**PROMPT**
Repeat each line of the data below exactly, but skip the pictures.

**AVAILABLE DATA**
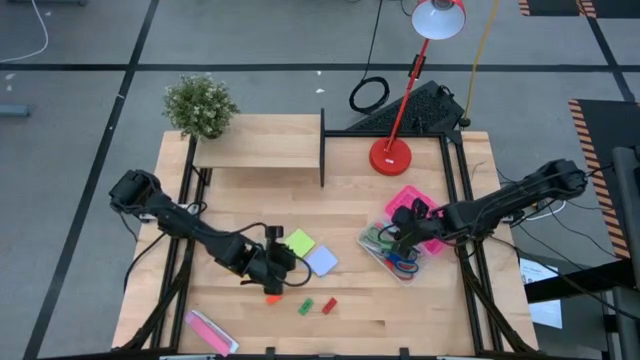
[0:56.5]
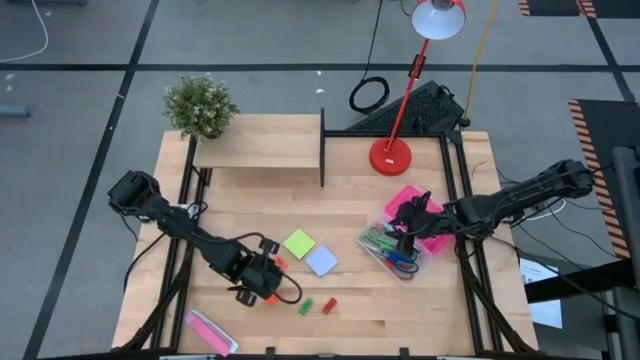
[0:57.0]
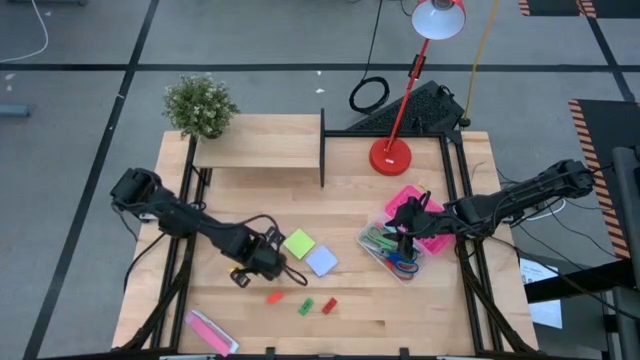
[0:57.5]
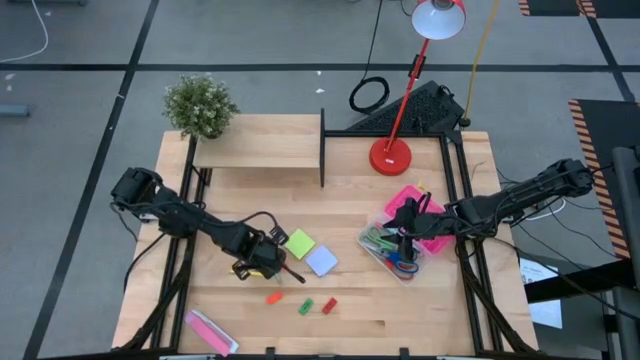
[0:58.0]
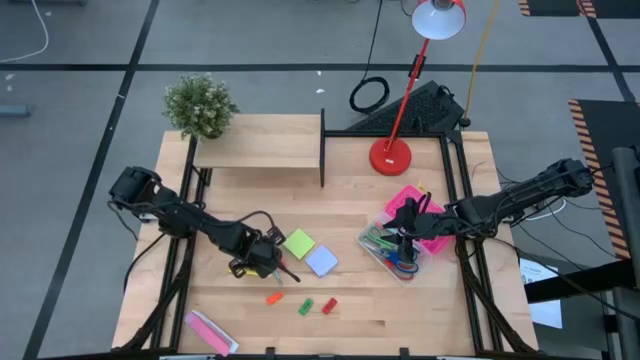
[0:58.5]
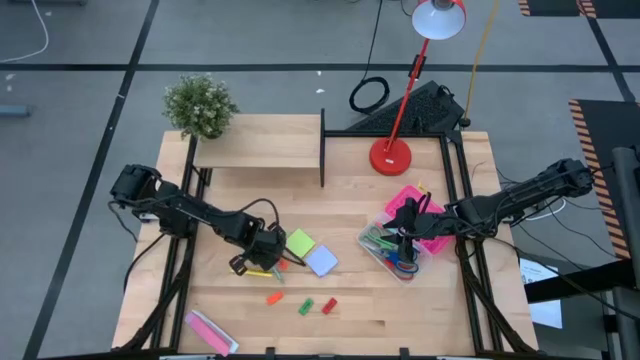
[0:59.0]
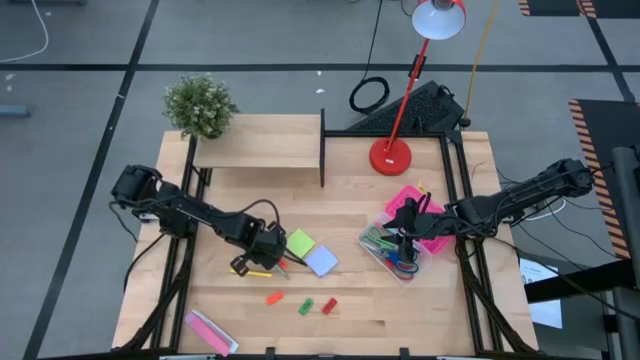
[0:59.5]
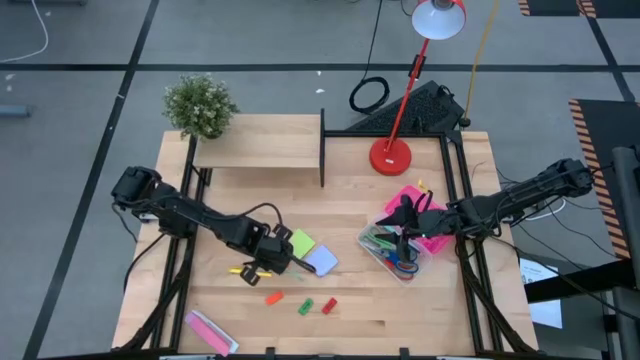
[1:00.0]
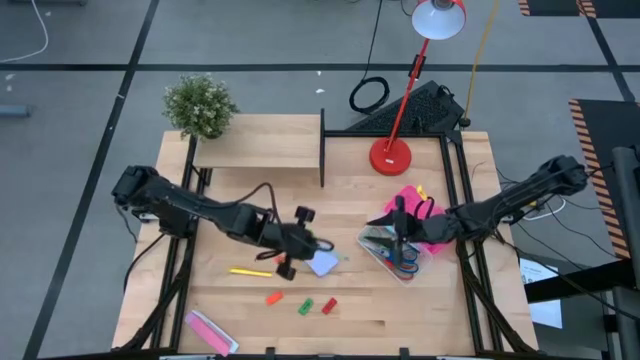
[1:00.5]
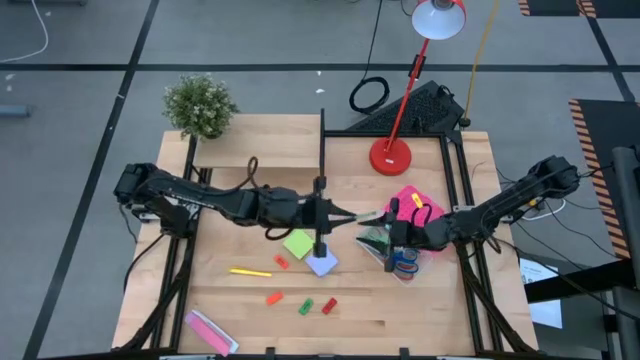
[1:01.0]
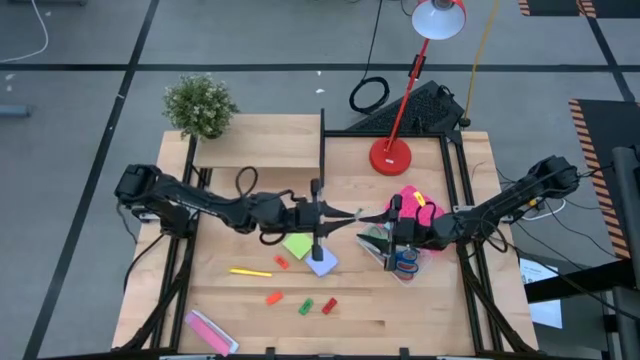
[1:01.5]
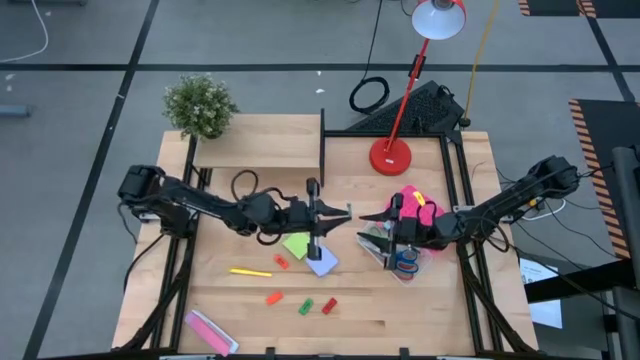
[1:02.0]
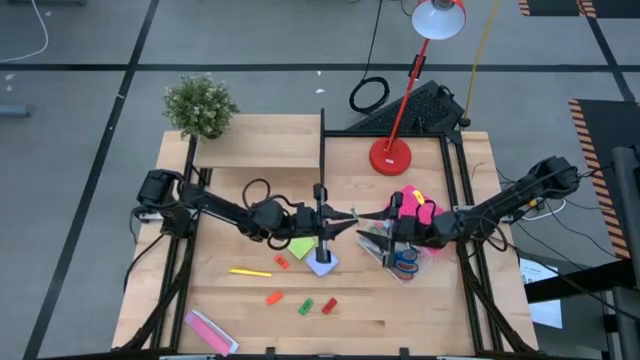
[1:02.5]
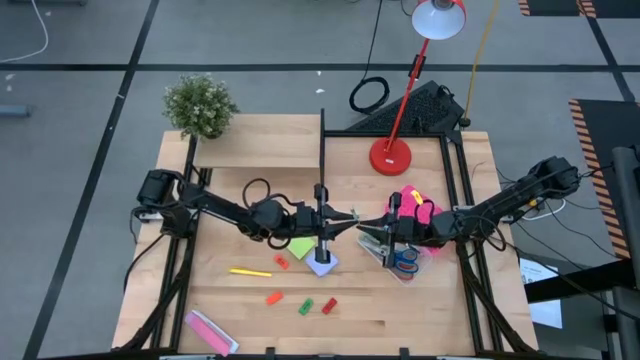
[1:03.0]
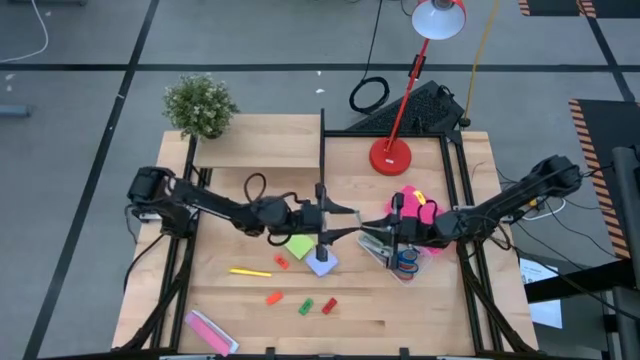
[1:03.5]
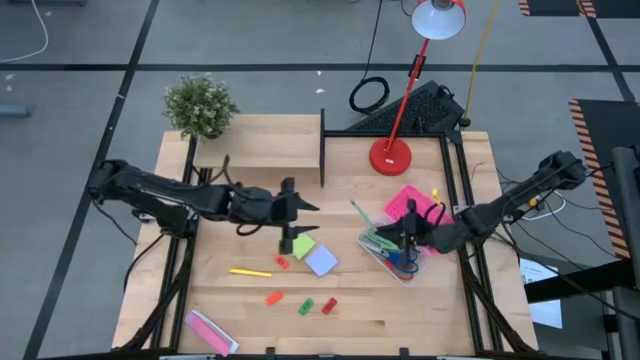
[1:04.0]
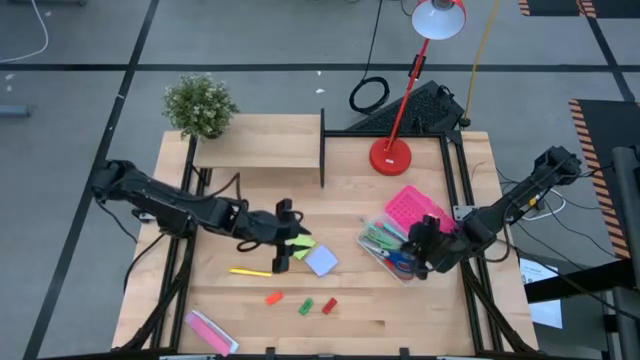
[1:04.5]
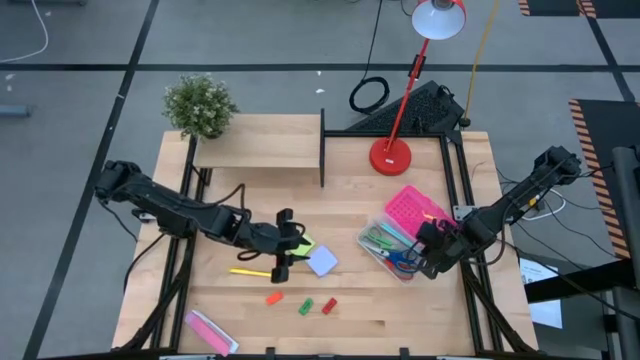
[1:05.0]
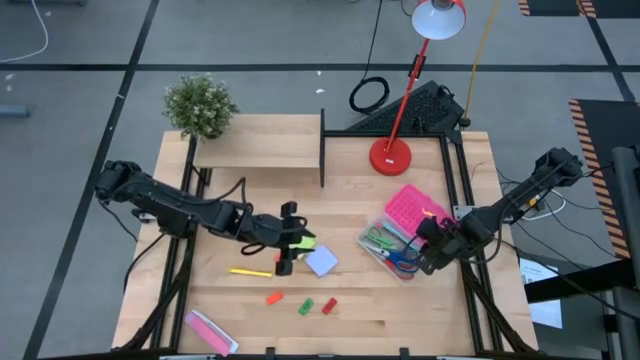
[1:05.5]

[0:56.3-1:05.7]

**RESPONSE TO THE TASK**
[0:56.5]
[0:57.0]
[0:57.5]
[0:58.0]
[0:58.5]
[0:59.0]
[0:59.5]
[1:00.0]
[1:00.5]
[1:01.0]
[1:01.5]
[1:02.0]
[1:02.5]
[1:03.0]
[1:03.5]
[1:04.0]
[1:04.5]
[1:05.0]
[1:05.5]

[0:56.3-1:05.7]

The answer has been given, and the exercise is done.